■ Brief ■
Could you restate word for word the lines running from the one with "An aerial image. It shows: Tennis" to the end of the data, both ends included, but without pictures?

[Records from a collection]
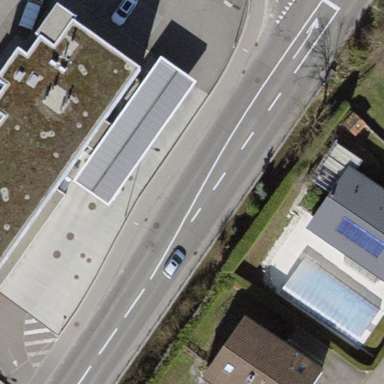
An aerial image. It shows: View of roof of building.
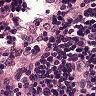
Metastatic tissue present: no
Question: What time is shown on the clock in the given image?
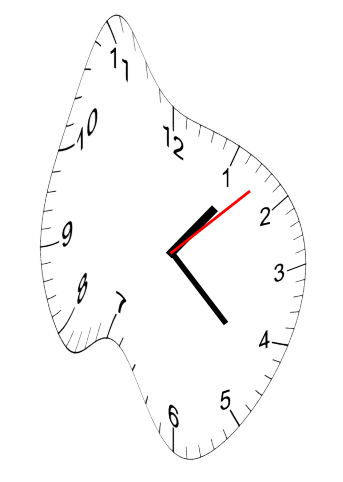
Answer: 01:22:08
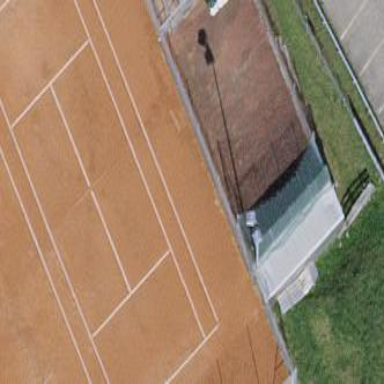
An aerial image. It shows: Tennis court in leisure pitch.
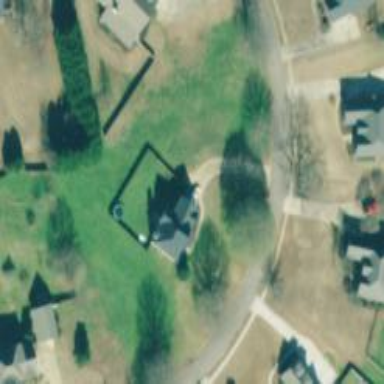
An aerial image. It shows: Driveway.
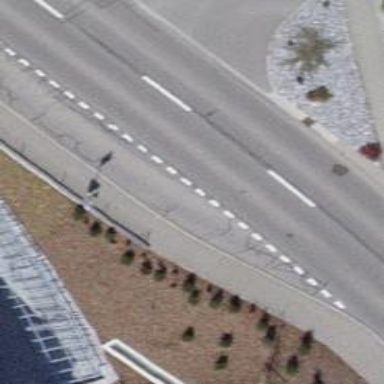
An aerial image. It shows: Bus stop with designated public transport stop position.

■ Your response ■
An aerial image. It shows: Tennis court in leisure pitch.
An aerial image. It shows: Driveway.
An aerial image. It shows: Bus stop with designated public transport stop position.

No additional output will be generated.